I have seen several examples of bytecodes printed out in VSCode. I would like to know why these codes are customarily 5 to 6 bytes long and prepended by 0x. And if possible, can you tell me where I can find literature to answer such a question.
-
https://medium.com/dailyjs/understanding-v8s-bytecode-317d46c94775 could be useful. In particular, it links to https://github.com/v8/v8/blob/master/src/interpreter/bytecodes.h which is neat. – CollinD Apr 12 '22 at 20:00
-
3What makes you think that "most bytecodes are 5 or 6 bytes long"? Can you give an example of output you've seen that you'd like to understand better? – jmrk Apr 12 '22 at 20:34
-
1Why would you expect them to have a different length? Did you find some design document that indicates they shouldn't be 5-6 bytes long? – Bergi Apr 12 '22 at 21:08
-
@Bergi: I would, in fact, expect the vast majority of bytecodes to be shorter than 5 bytes, that's why it would be great to know more about what prompted this question. – jmrk Apr 12 '22 at 22:10
-
@jmrk True. The medium article linked by Collin, which also seems to have been read by the OP, contains some 8-byte hex numbers, but those are the addresses of the bytecodes not the bytecodes themselves (and indicate lengths of 1, 2, 4 bytes). – Bergi Apr 12 '22 at 22:15
-
a similar question is why does the x86 processors have instructions of different length, because some instruction don't need arguments and if often used might fit in 1 byte, result not much space wasted and more code fits the cache – rioV8 Apr 12 '22 at 22:27
-
@rioV8 Off-topic here, but variable-length instructions [are harder to decode](https://stackoverflow.com/q/8204086/1048572). That said, [x86 actually **is** a variable-length ISA](https://en.wikipedia.org/wiki/X86#Basic_properties_of_the_architecture) – Bergi Apr 12 '22 at 22:34
1 Answers
(V8 developer here.)
This appears to be a misunderstanding. Let's look at the example in the article linked in comments:
$ node --print-bytecode incrementX.js
...
[generating bytecode for function: incrementX]
Parameter count 2
Frame size 8
12 E> 0x2ddf8802cf6e @ StackCheck
19 S> 0x2ddf8802cf6f @ LdaSmi [1]
0x2ddf8802cf71 @ Star r0
34 E> 0x2ddf8802cf73 @ LdaNamedProperty a0, [0], [4]
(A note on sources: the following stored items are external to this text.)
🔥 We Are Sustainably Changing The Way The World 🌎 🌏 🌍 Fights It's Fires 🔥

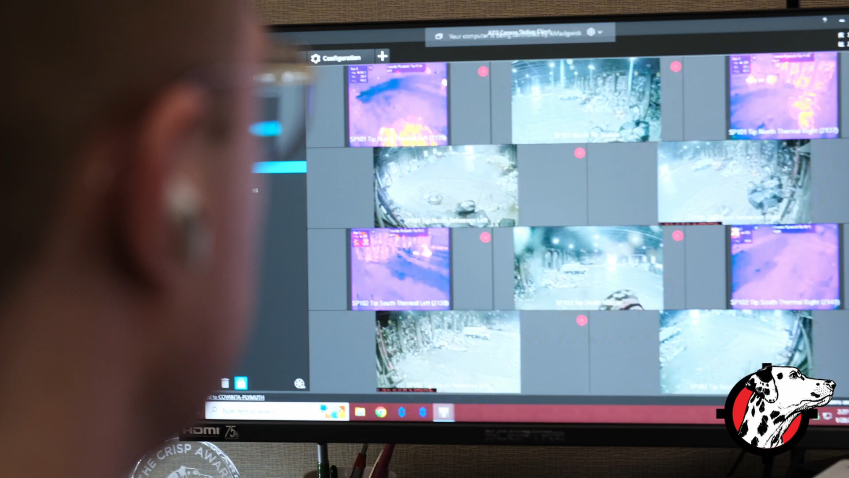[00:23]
When we see an abnormality we have a box on site and we have a human who's actually in a control center that looks, we'll verify and react to a fire.
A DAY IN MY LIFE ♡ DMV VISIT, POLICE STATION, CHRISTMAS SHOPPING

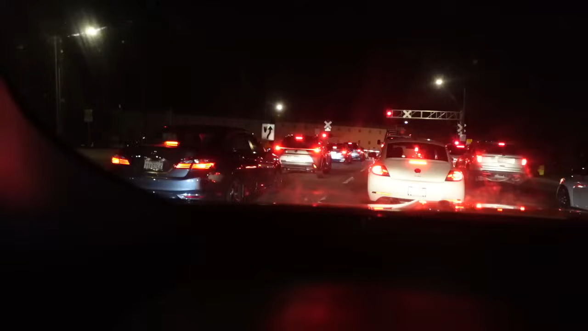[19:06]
are the moments where i'm like bro i don't need a train i need to get to the store i
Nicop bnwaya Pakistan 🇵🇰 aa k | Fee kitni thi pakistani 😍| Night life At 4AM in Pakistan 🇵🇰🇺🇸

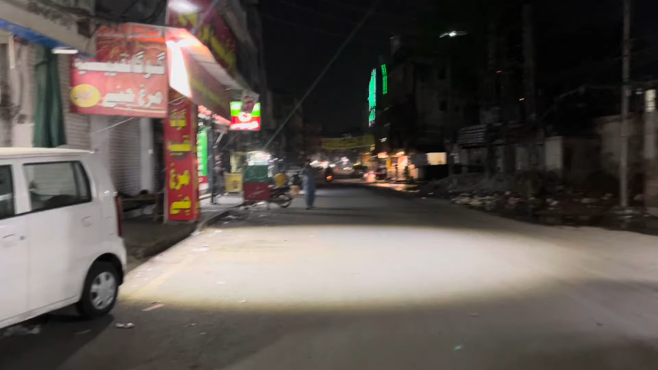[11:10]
और ये देखें कि यहाँ पे आबादी कितनी ज़्यादा है, आखिर कोई तो बात है ना कि यहाँ पर आबादी बढ़ती जाती है, पूरे पाकिस्तान से लोग यहाँ आते हैं रहने के लिए, राइट, अपॉर्चुनिटी ज़्यादा है सब। हाँ,
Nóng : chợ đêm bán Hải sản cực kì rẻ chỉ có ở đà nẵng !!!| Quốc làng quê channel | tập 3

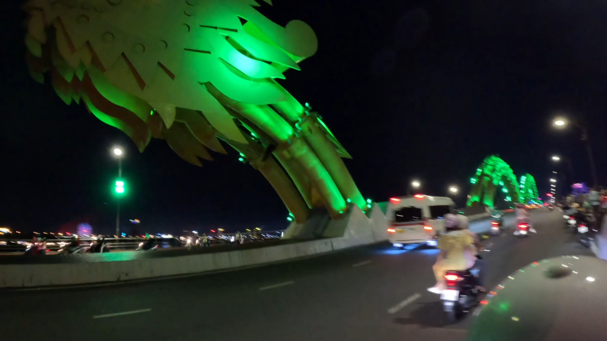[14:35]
Cầu này được xây dựng vào 2009 và bắt đầu đi vào hoạt động vào 2013 nha mọi người. Cầu này có chiều dài là 666 m.
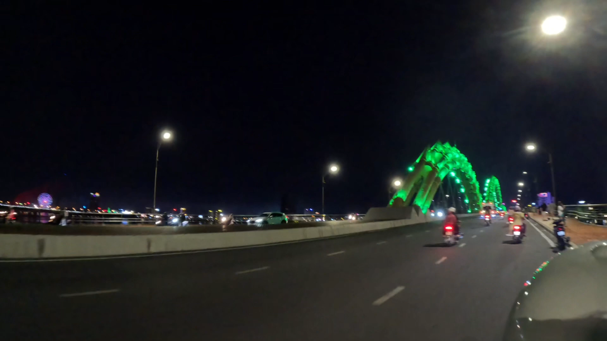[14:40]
Cầu này là cây cầu thứ hình như là thứ 6 bắc qua sông Hàn.
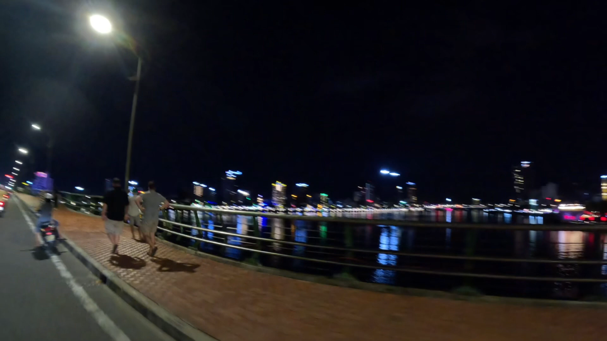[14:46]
Mà hình dáng nó chắc là giống con rồng nên người ta gọi là cầu rồng nha. Chứ mình cũng không hiểu về ái bao nhiêu nha mọi người.
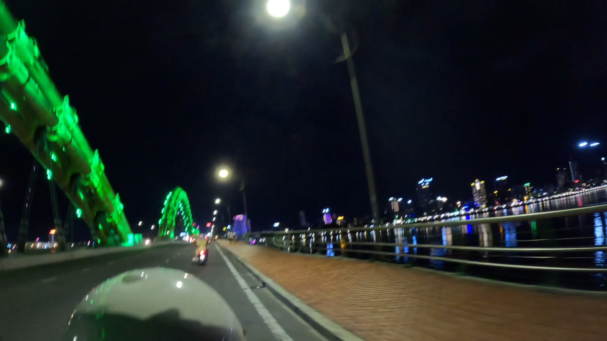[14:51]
Mời mọi người chiêm ngưỡng cây cầu siêu đẹp này cùng mình nha.

28 E> 0x2ddf8802cf77 @ Add r0, [6]
36 S> 0x2ddf8802cf7a @ Return
Constant pool (size = 1)
0x2ddf8802cf21: [FixedArray] in OldSpace
- map = 0x2ddfb2d02309 <Map(HOLEY_ELEMENTS)>
- length: 1
0: 0x2ddf8db91611 <String[1]: x>
Handler Table (size = 16)
Here, 0x2ddf8802cf6e
is not a bytecode; it's the address in memory where the function's first bytecode (StackCheck
) is stored. The binary representation of this bytecode is not included in this printout, but we can deduce its size: from the difference to the second bytecode, whose address ends in 0x...f
, we can see that StackCheck
takes one byte in memory. The second bytecode in this example, LdaSmi
, takes two bytes (0x...71 - 0x...6f == 2
).
The 0x
prefix simply indicates to human readers that the number is presented in hexadecimal format.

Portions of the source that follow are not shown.